TASK DESCRIPTION »
Write the records below out again word for word, with the pictures removed.

Collected data entries:
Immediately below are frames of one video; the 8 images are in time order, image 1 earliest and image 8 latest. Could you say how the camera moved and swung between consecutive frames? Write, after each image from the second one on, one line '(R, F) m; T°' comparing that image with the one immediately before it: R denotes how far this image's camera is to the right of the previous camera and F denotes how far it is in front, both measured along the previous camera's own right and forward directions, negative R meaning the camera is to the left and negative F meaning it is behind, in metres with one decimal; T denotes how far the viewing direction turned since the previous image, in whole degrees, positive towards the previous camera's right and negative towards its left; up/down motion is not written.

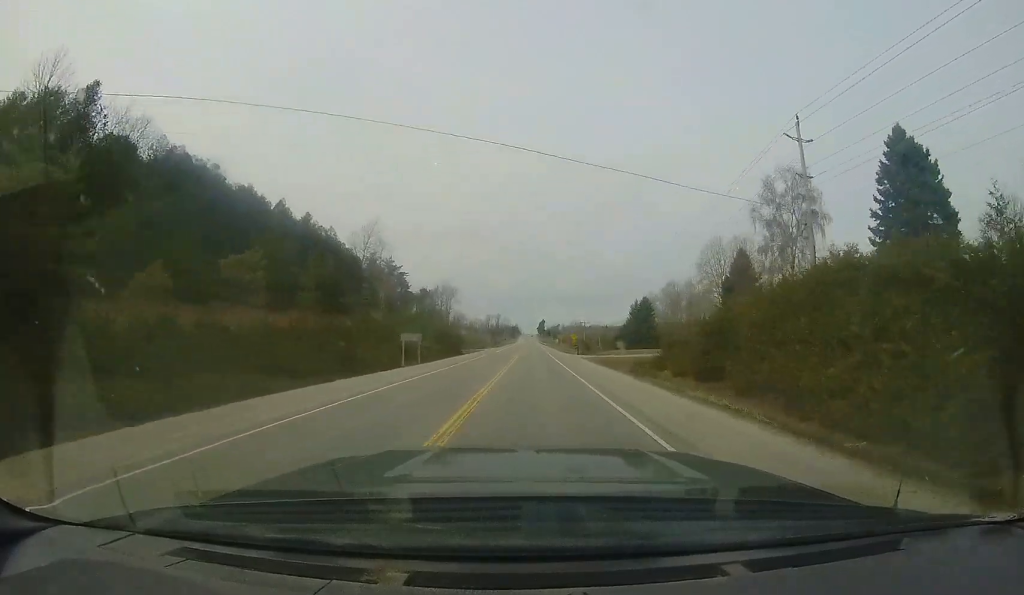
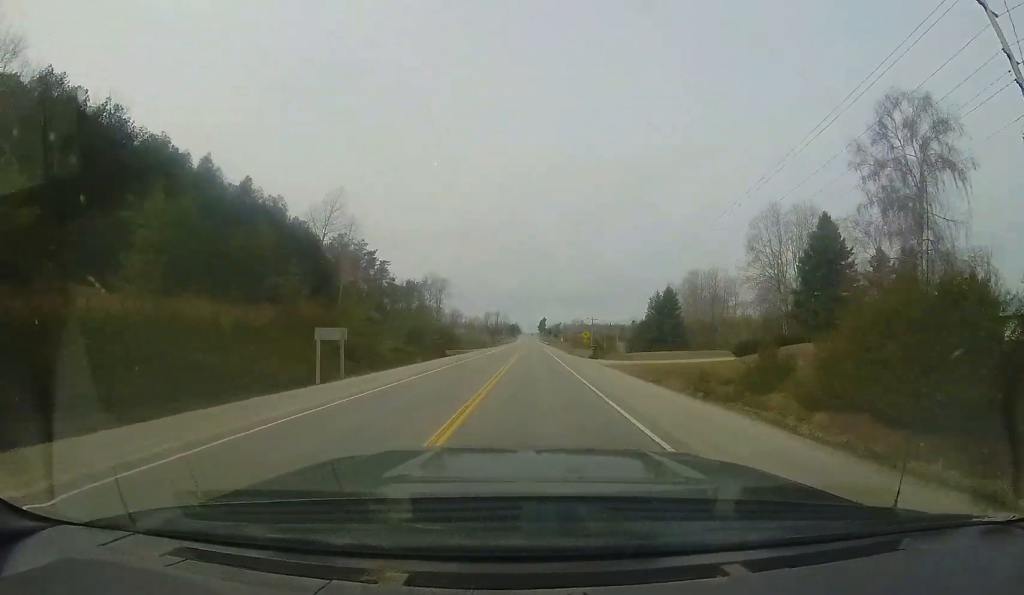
(-0.1, +13.5) m; 0°
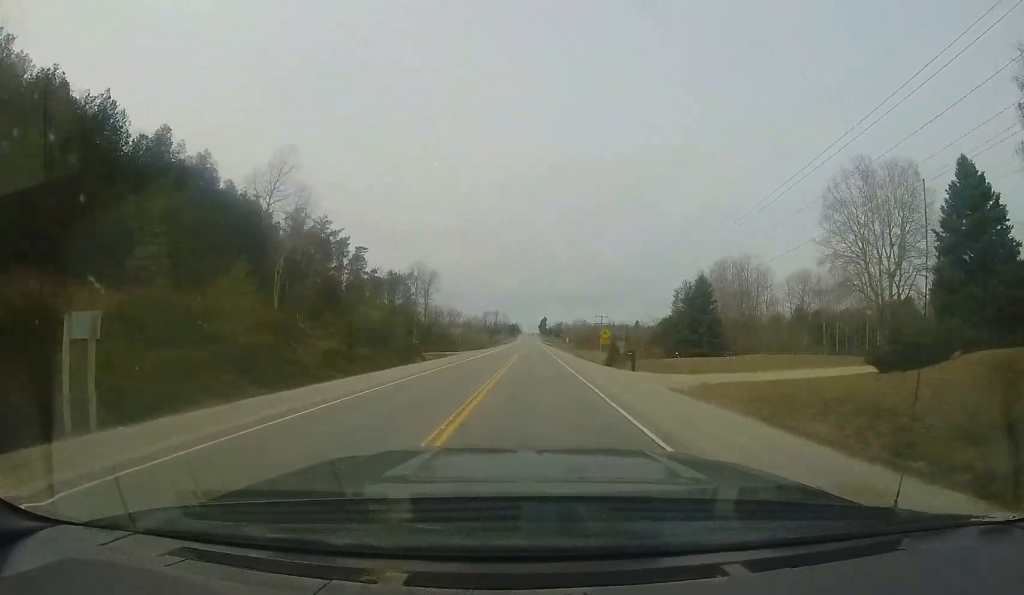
(+0.2, +13.0) m; +1°
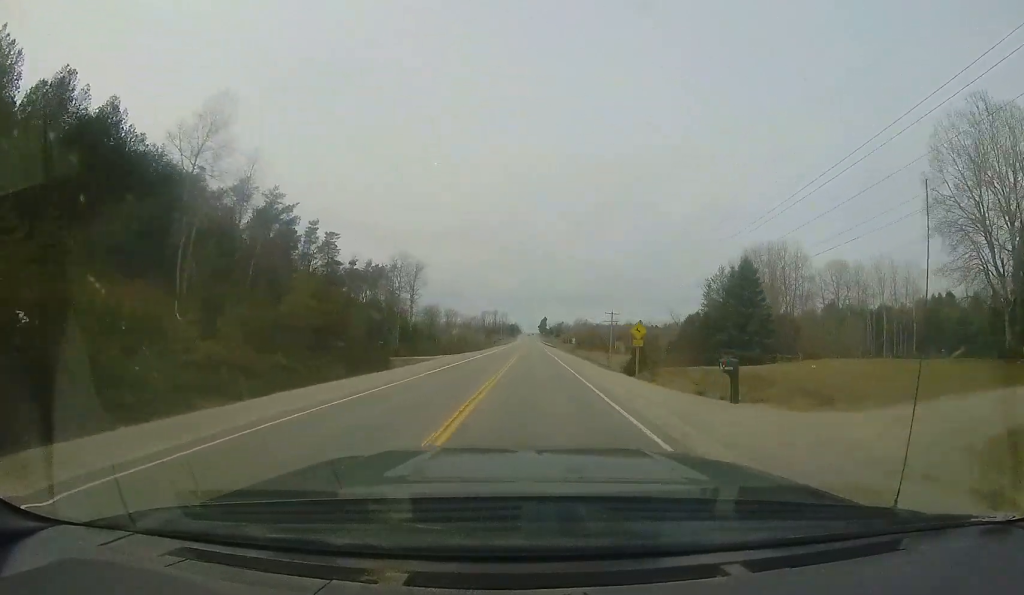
(+0.1, +11.5) m; 0°
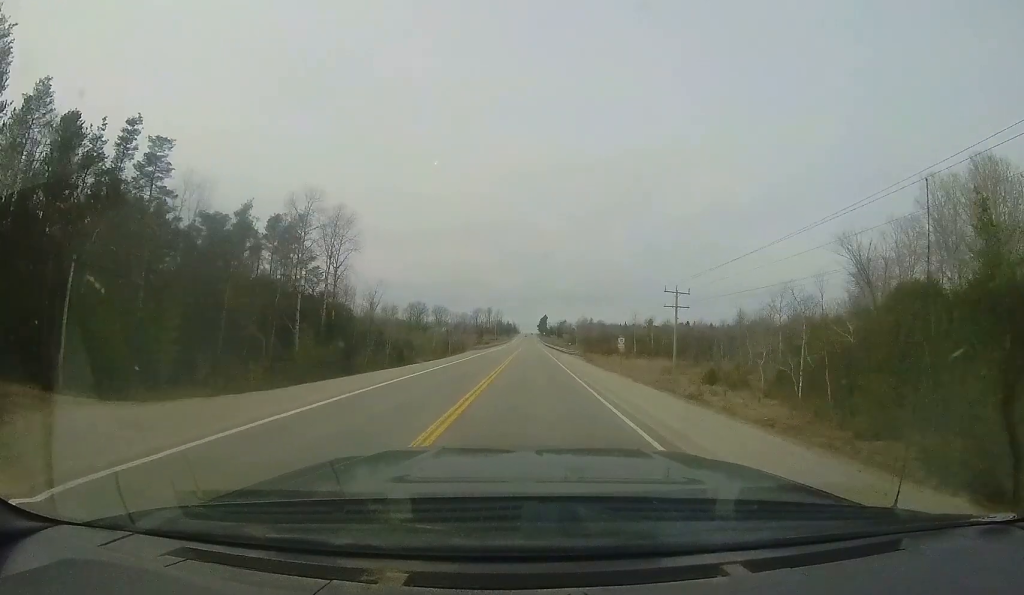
(-0.1, +35.1) m; 0°
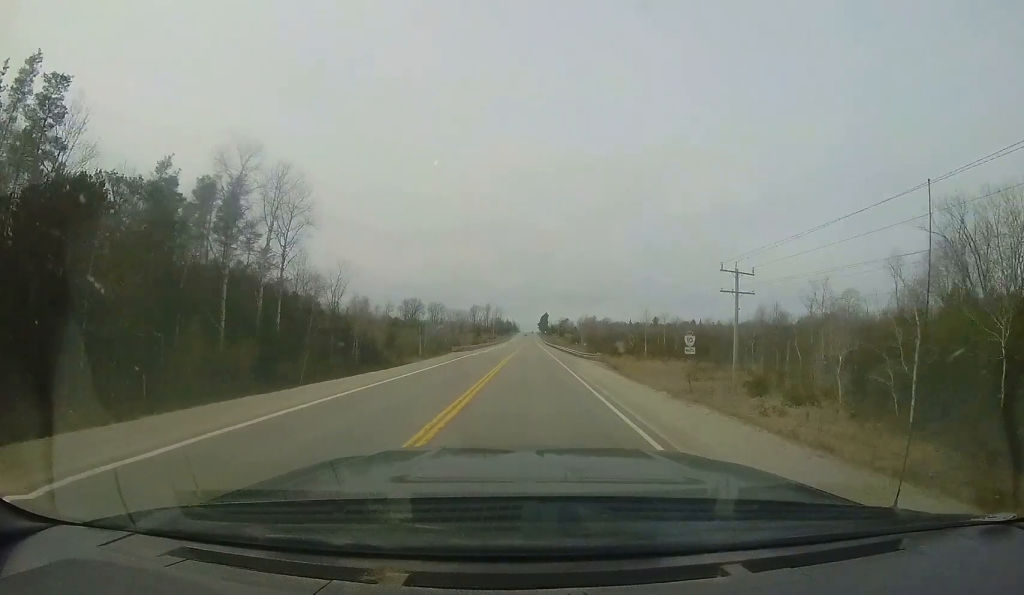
(-0.1, +12.7) m; 0°
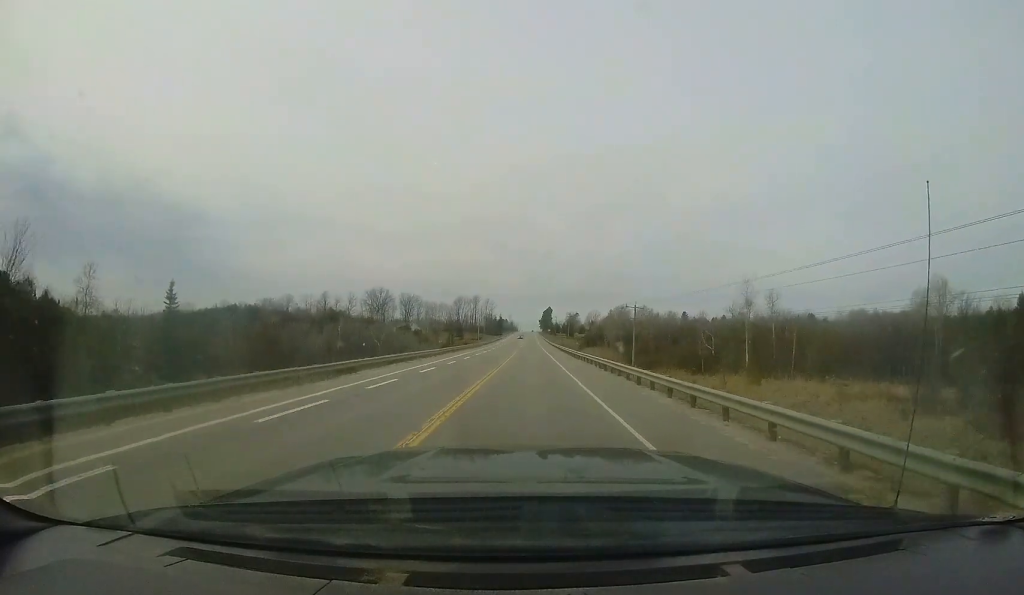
(+0.2, +60.8) m; -1°
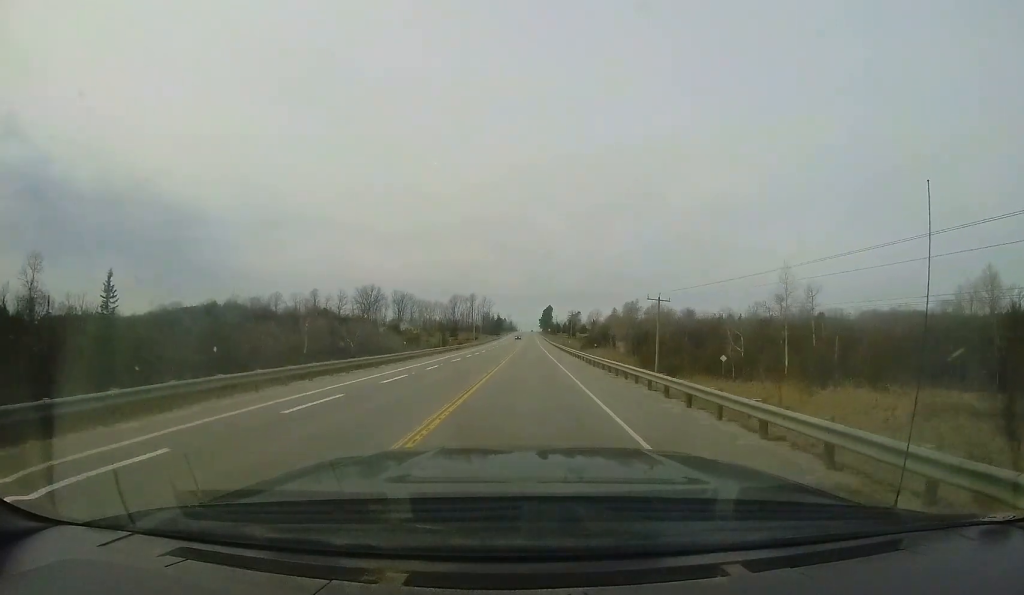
(-0.2, +11.3) m; 0°

SOLVED EXERCISE »
Immediately below are frames of one video; the 8 images are in time order, image 1 earliest and image 8 latest. Could you say how the camera moved and swung between consecutive frames? Write, after each image from the second one on, one line '(R, F) m; T°' comparing that image with the one immediately before it: R denotes how far this image's camera is to the right of the previous camera and F denotes how far it is in front, both measured along the previous camera's own right and forward directions, negative R meaning the camera is to the left and negative F meaning it is behind, in metres with one decimal; T denotes how far the viewing direction turned since the previous image, in whole degrees, positive towards the previous camera's right and negative towards its left; up/down motion is not written.

(-0.1, +13.5) m; 0°
(+0.2, +13.0) m; +1°
(+0.1, +11.5) m; 0°
(-0.1, +35.1) m; 0°
(-0.1, +12.7) m; 0°
(+0.2, +60.8) m; -1°
(-0.2, +11.3) m; 0°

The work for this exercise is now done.